Nicholas Winter

Personal information
- Full name: Nicholas Philip Winter
- Born: 19 June 1993 (age 33) Canberra, Australian Capital Territory
- Batting: Left-handed
- Bowling: Left-arm medium-fast
- Role: Bowler

Domestic team information
- 2014/15–2021/22: South Australia
- 2014/15: Melbourne Renegades
- 2016/17: Northern Districts
- 2020/21: Hobart Hurricanes
- FC debut: 8 February 2018 South Australia v Victoria
- LA debut: 6 October 2014 South Australia v Victoria

Career statistics
| Competition | FC | LA | T20 |
| Matches | 22 | 8 | 7 |
| Runs scored | 431 | 12 | 0 |
| Batting average | 15.39 | 12.00 | 0.00 |
| 100s/50s | 0/1 | 0/0 | 0/0 |
| Top score | 53* | 7* | 0 |
| Balls bowled | 5,094 | 372 | 116 |
| Wickets | 78 | 6 | 7 |
| Bowling average | 30.85 | 78.50 | 20.85 |
| 5 wickets in innings | 4 | 0 | 0 |
| 10 wickets in match | 1 | 0 | 0 |
| Best bowling | 5/48 | 2/94 | 3/19 |
| Catches/stumpings | 3/– | 0/– | 1/– |
- Source: Cricinfo, 4 October 2024

= Nick Winter (cricketer) =

Australian cricketer

Nicholas Winter (born 19 June 1993) is an Australian cricketer who played for South Australia.

==Career==
===Move to South Australia and injury (2013–2016)===
Winter originally came from Canberra in the Australian Capital Territory, playing for the territory's representative team the ACT Comets before he was brought to South Australia for the 2013–14 season. Winter spent the season playing for South Australia in the Futures League, Australia's second XI competition, in which he was named the player of the year. He was rewarded with a rookie contract with SACA for the 2014–15 season. Winter made his List A debut in the 2014–15 Matador BBQs One-Day Cup for South Australia on 6 October 2014, against Victoria, bowling seven overs and conceding 53 runs.

Winter was also given a contract with Big Bash League team the Melbourne Renegades. He made his Twenty20 debut for the club in BBL|04 when a number of the club's bowlers were unavailable, being called up for international duty. He opened the bowling but only bowled two overs. He made his second appearance for the Renegades later in the season when teammate Peter Siddle was called up to play a Test match.

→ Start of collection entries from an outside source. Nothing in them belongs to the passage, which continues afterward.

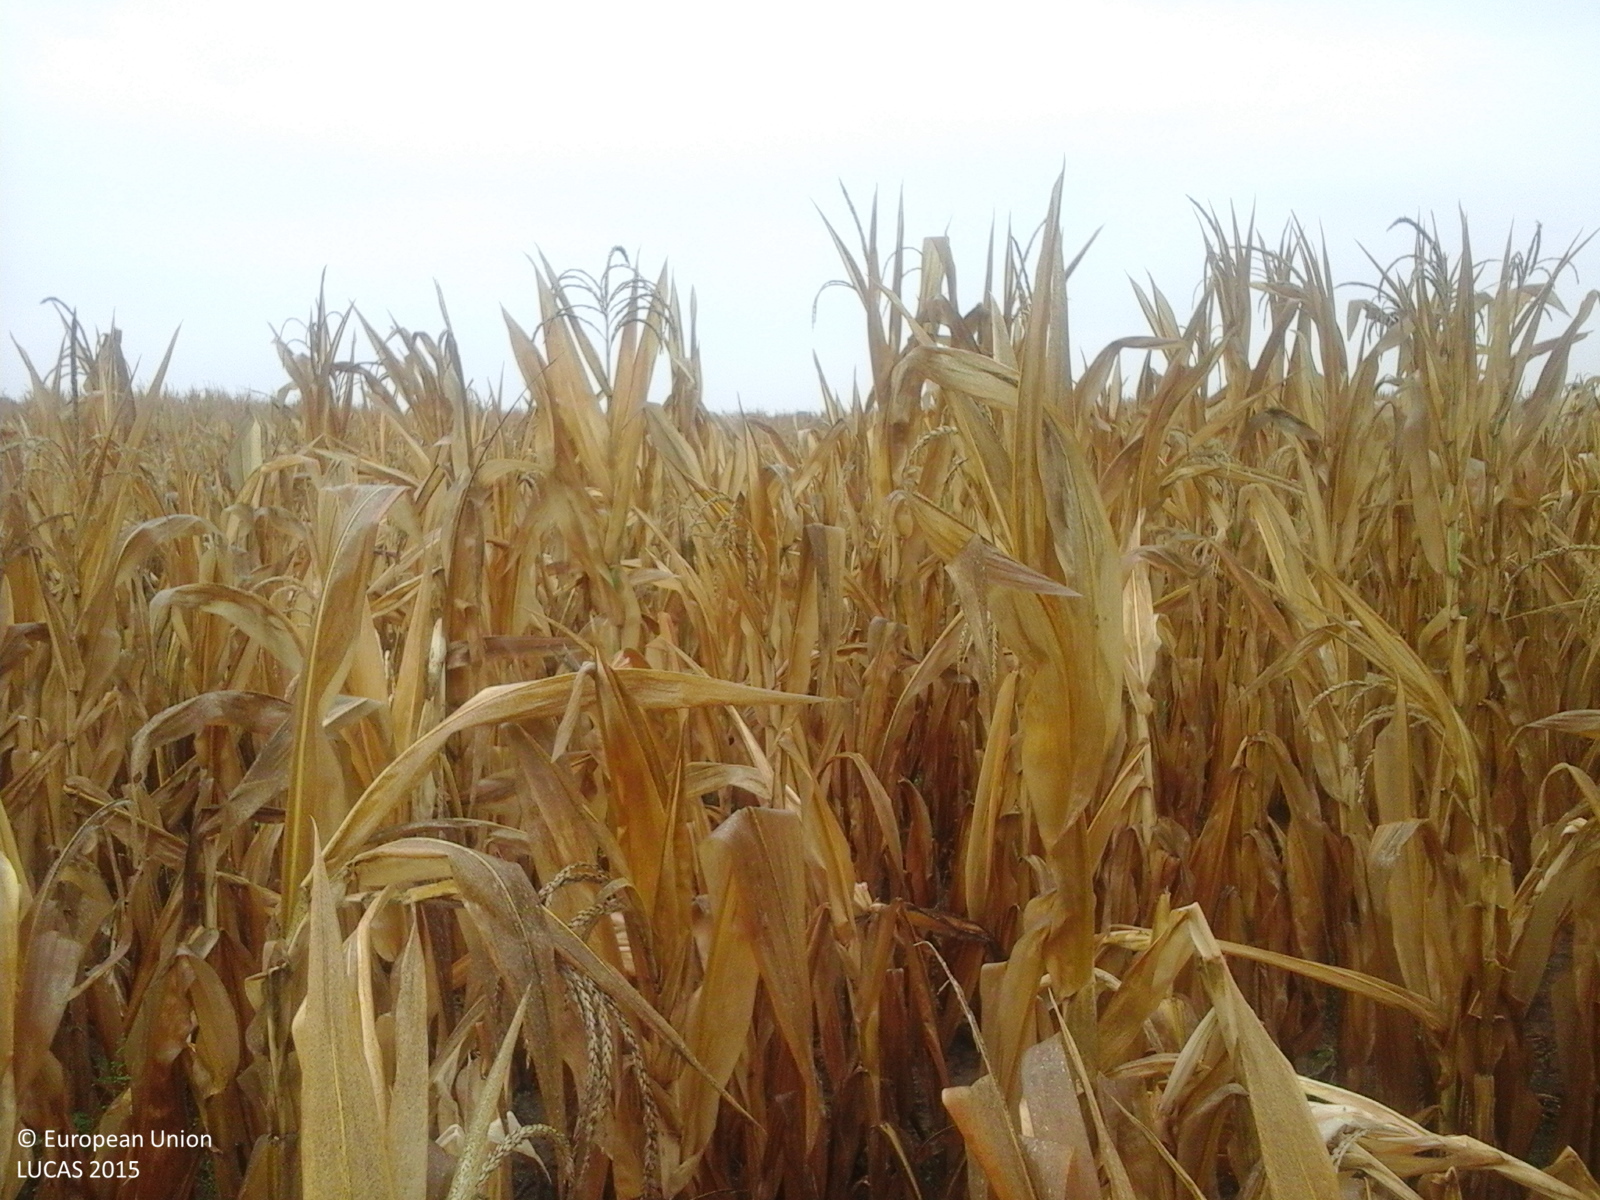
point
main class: Cropland
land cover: Maize
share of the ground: > 75 %
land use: Agriculture (excluding fallow land and kitchen gardens)
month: September
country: RO
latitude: 47.5884
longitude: 22.5985

Winter was again rookie contracted with South Australia for the 2015–16 season, but in his first grade cricket match of the season for Tea Tree Gully he tore a muscle in his side, forcing him out of cricket for several months, including the beginning of BBL|05, and when he did recover from the torn muscle he tore it again trying to return for the Renegades. At the end of the season he was dropped from South Australia's contract list.

===Comeback (2016–present)===
Despite no longer having a contract with South Australia, Winter stayed in Adelaide, recovering from his injury while studying a Bachelor of International Studies and Politics at the University of Adelaide. Winter then spent the English summer playing for Plumtree Cricket Club in the Nottinghamshire Premier League taking 31 wickets at an average of 17.42. He bounced back in the 2016–17 season, playing premier grade cricket for the university and being named the team's club champion for the season. Due to his comeback he was going to be offered his first full contract with South Australia for the 2017–18 season, but due to a pay dispute with Cricket Australia the state was unable to offer it to him immediately. Instead, Winter had to train with the state team unpaid for two months before finally being given the contract in August.

Winter played four matches for South Australia in the 2017–18 JLT One-Day Cup. He bowled a total of 30 overs and took 5 wickets at an average of 46.00 with an economy of 7.66.